# ABOUT THIS EXERCISE:
Transcribe the records below word for word, leaving every picture out.

# SUPPLIED RECORDS:
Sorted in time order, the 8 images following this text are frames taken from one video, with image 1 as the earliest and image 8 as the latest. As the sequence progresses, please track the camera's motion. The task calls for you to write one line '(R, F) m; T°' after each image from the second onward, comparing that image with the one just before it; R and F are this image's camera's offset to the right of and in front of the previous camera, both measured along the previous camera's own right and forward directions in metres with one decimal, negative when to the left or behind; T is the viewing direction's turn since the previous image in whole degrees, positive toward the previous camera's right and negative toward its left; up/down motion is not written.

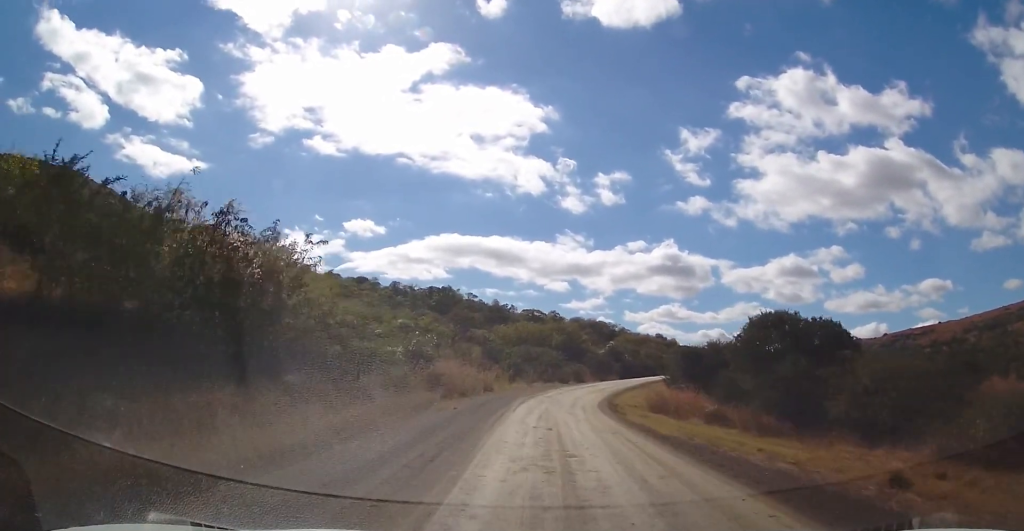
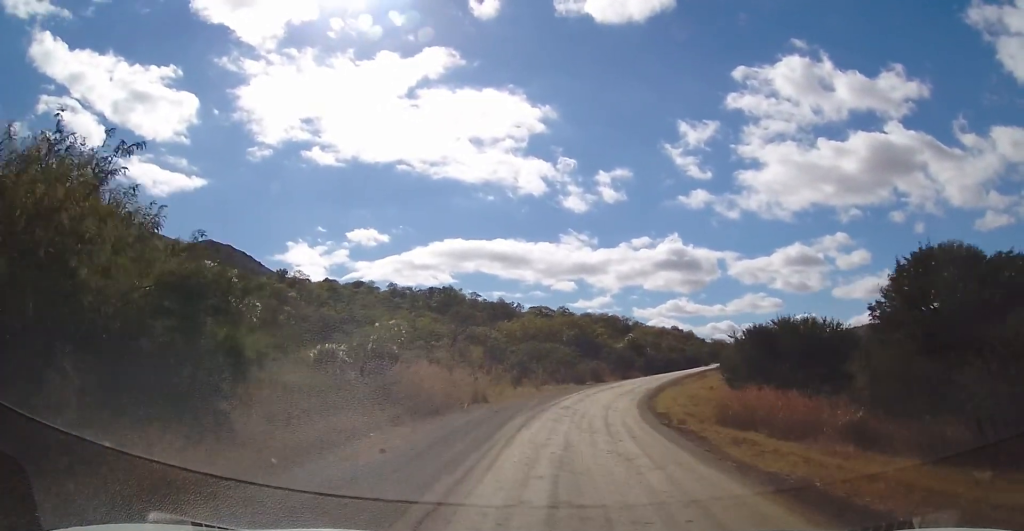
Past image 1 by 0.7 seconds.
(-0.2, +11.6) m; 0°
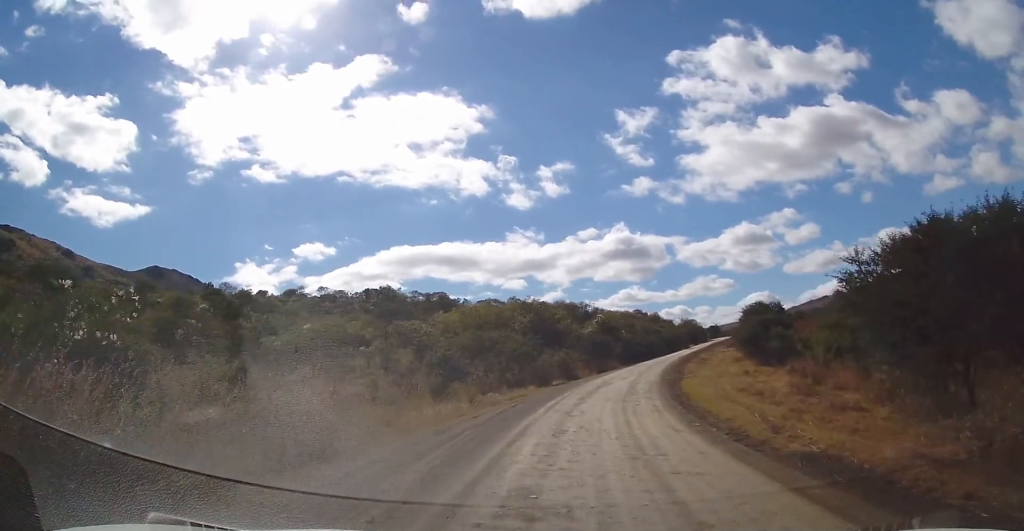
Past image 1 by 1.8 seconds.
(0.0, +18.0) m; +3°
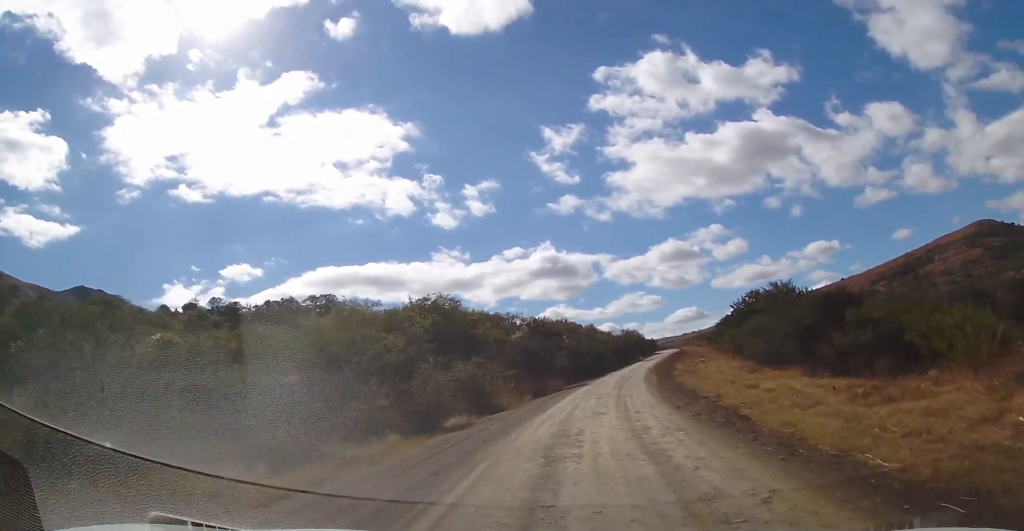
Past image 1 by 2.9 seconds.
(+1.0, +19.0) m; +7°
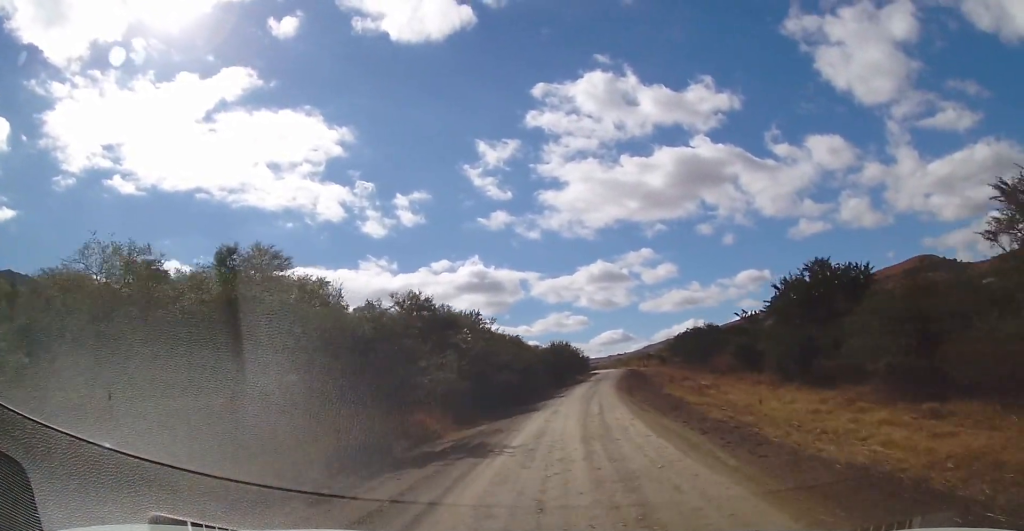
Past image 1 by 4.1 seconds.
(+1.4, +22.3) m; +6°
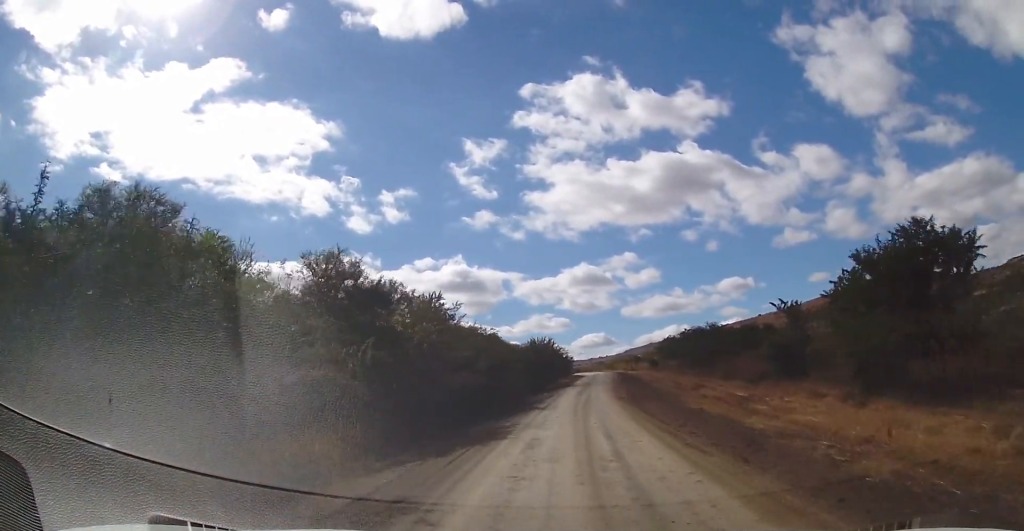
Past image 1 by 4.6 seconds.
(+0.2, +8.9) m; +2°
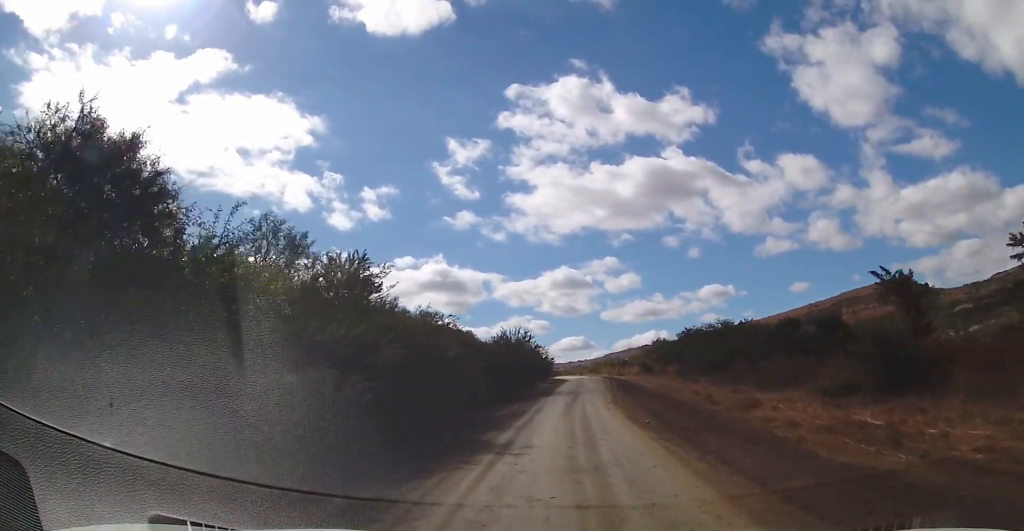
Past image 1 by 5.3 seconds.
(0.0, +11.2) m; +2°
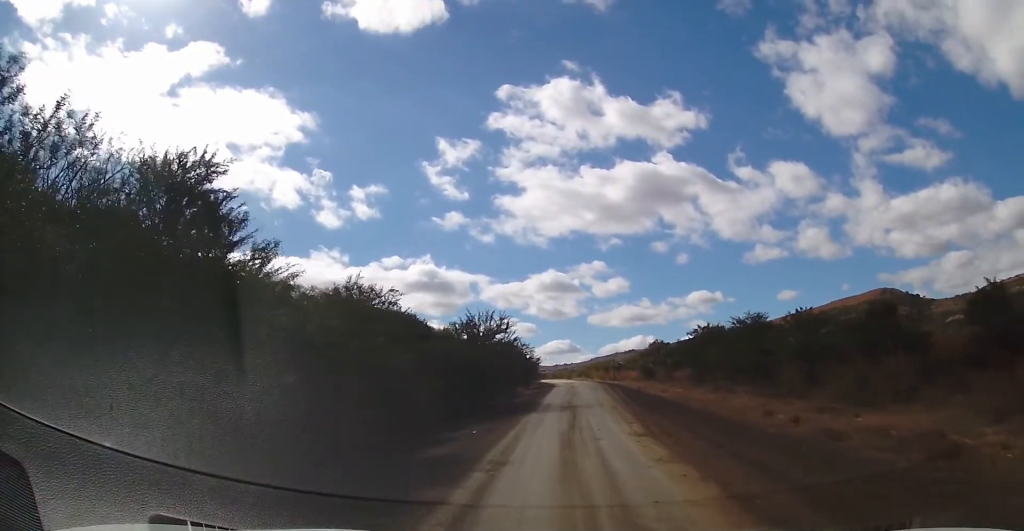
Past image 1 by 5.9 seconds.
(+0.4, +11.0) m; +3°
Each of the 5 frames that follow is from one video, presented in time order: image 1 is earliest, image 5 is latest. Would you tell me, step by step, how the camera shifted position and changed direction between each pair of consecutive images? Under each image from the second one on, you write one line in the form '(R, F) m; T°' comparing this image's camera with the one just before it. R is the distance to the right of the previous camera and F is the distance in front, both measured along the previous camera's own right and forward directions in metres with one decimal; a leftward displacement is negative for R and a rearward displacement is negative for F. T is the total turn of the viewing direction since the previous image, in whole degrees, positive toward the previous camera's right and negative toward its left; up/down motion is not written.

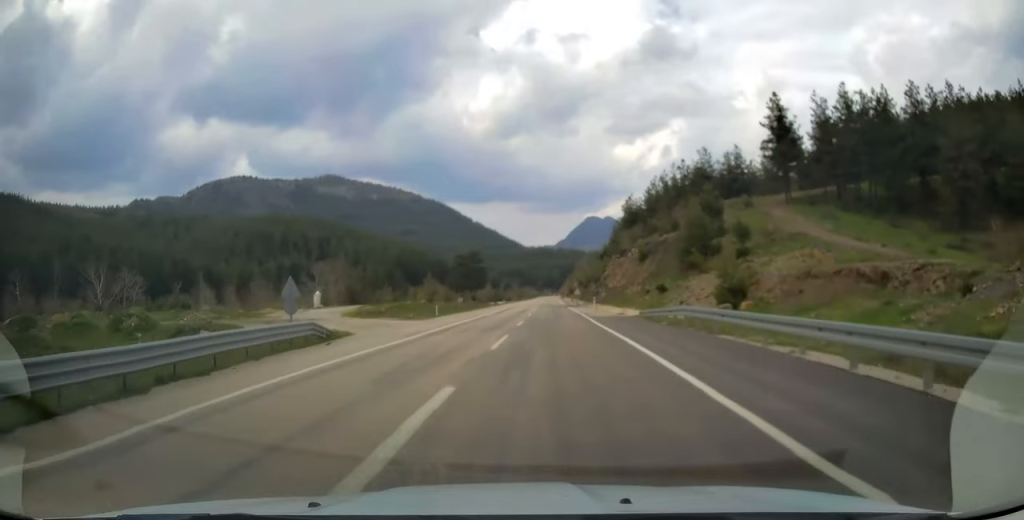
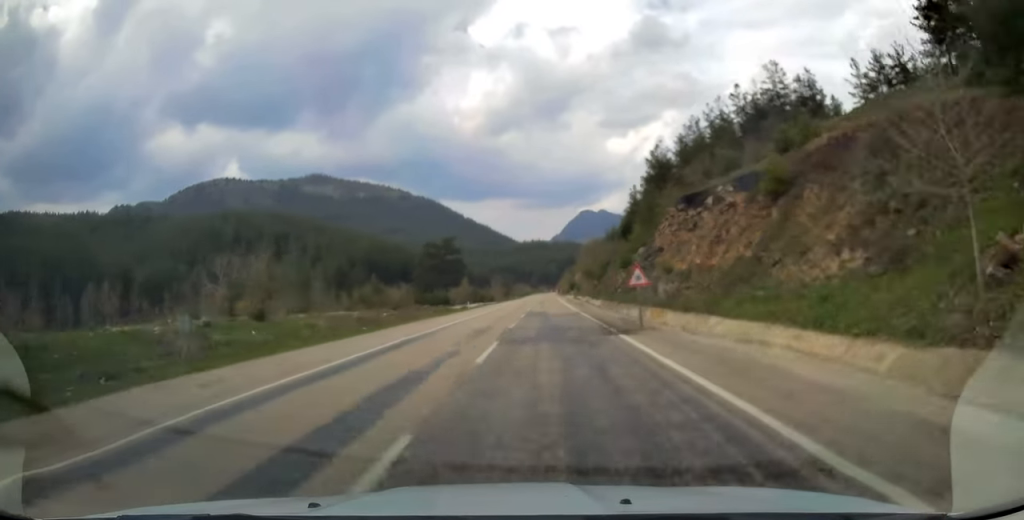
(+0.2, +49.4) m; +1°
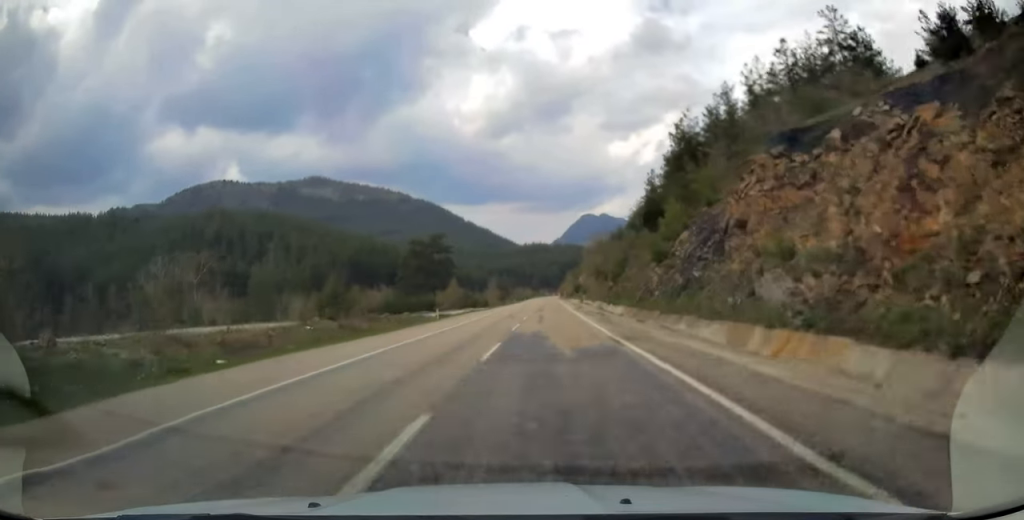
(+0.1, +21.0) m; 0°
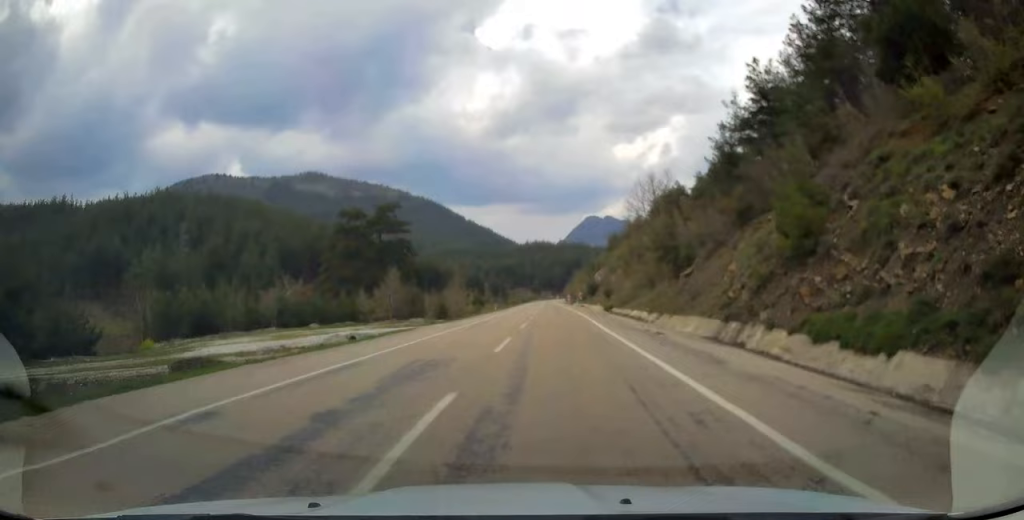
(-0.3, +55.3) m; -1°
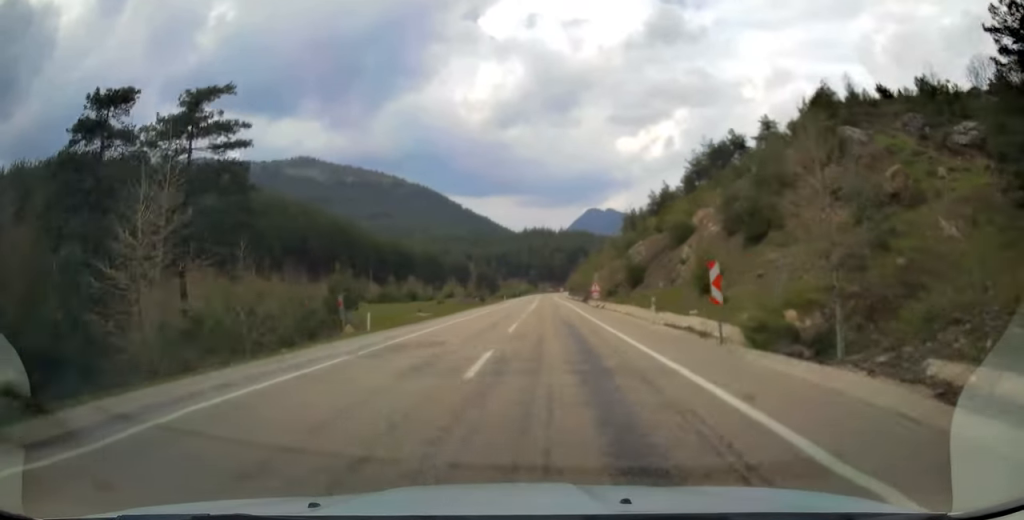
(+0.1, +62.3) m; 0°
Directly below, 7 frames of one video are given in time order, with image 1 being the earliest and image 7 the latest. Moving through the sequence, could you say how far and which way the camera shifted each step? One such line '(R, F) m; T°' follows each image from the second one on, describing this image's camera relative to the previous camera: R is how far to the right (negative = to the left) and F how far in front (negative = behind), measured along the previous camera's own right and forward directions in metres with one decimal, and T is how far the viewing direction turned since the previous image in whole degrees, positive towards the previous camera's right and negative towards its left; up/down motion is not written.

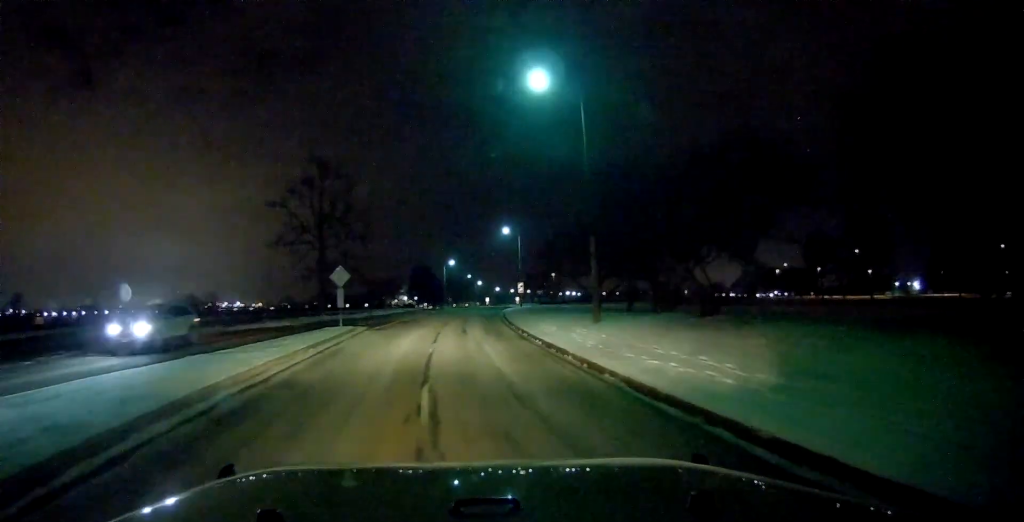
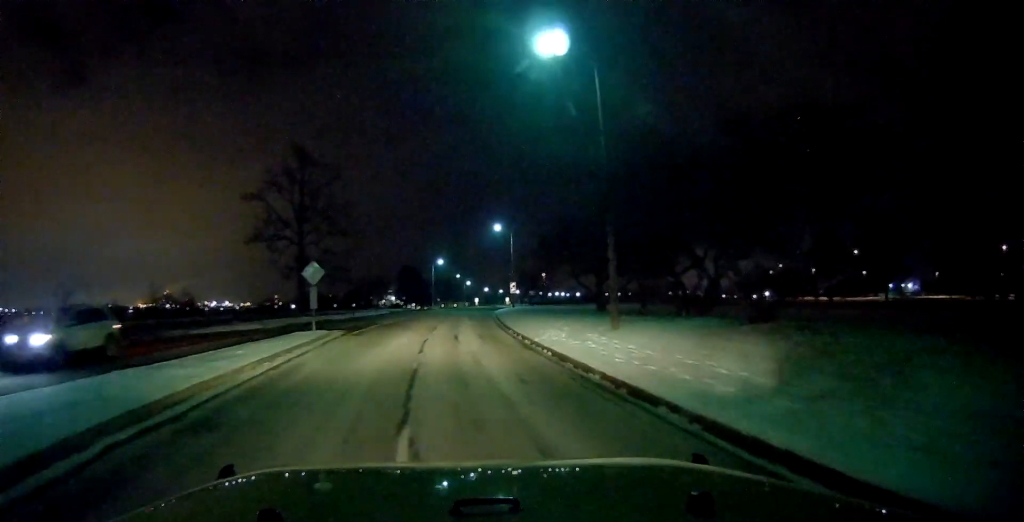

# ANSWER SPACE:
Sorted in time order, the 8 images following this text are frames taken from one video, with image 1 as the earliest and image 8 as the latest. As the sequence progresses, please track the camera's motion. The task calls for you to write one line '(R, F) m; T°' after each image from the second onward, comparing that image with the one just before it; R and F are this image's camera's offset to the right of and in front of the previous camera, both measured along the previous camera's own right and forward directions in metres with one decimal, negative when to the left or behind; T is the viewing direction's turn since the previous image in whole degrees, positive toward the previous camera's right and negative toward its left; up/down motion is not written.

Past image 1 by 0.7 seconds.
(-0.2, +11.6) m; 0°
Past image 1 by 1.8 seconds.
(0.0, +18.0) m; +3°
Past image 1 by 2.9 seconds.
(+1.0, +19.0) m; +7°
Past image 1 by 4.1 seconds.
(+1.4, +22.3) m; +6°
Past image 1 by 4.6 seconds.
(+0.2, +8.9) m; +2°
Past image 1 by 5.3 seconds.
(0.0, +11.2) m; +2°
Past image 1 by 5.9 seconds.
(+0.4, +11.0) m; +3°
Each of the 5 frames that follow is from one video, presented in time order: image 1 is earliest, image 5 is latest. Would you tell me, step by step, how the camera shifted position and changed direction between each pair of consecutive images? Under each image from the second one on, you write one line in the form '(R, F) m; T°' comparing this image's camera with the one just before it. R is the distance to the right of the previous camera and F is the distance in front, both measured along the previous camera's own right and forward directions in metres with one decimal; a leftward displacement is negative for R and a rearward displacement is negative for F. T is the total turn of the viewing direction since the previous image, in whole degrees, positive toward the previous camera's right and negative toward its left; up/down motion is not written.

(+0.2, +49.4) m; +1°
(+0.1, +21.0) m; 0°
(-0.3, +55.3) m; -1°
(+0.1, +62.3) m; 0°
Directly below, 7 frames of one video are given in time order, with image 1 being the earliest and image 7 the latest. Moving through the sequence, could you say how far and which way the camera shifted each step? One such line '(R, F) m; T°' follows each image from the second one on, describing this image's camera relative to the previous camera: R is how far to the right (negative = to the left) and F how far in front (negative = behind), measured along the previous camera's own right and forward directions in metres with one decimal, and T is how far the viewing direction turned since the previous image in whole degrees, positive towards the previous camera's right and negative towards its left; up/down motion is not written.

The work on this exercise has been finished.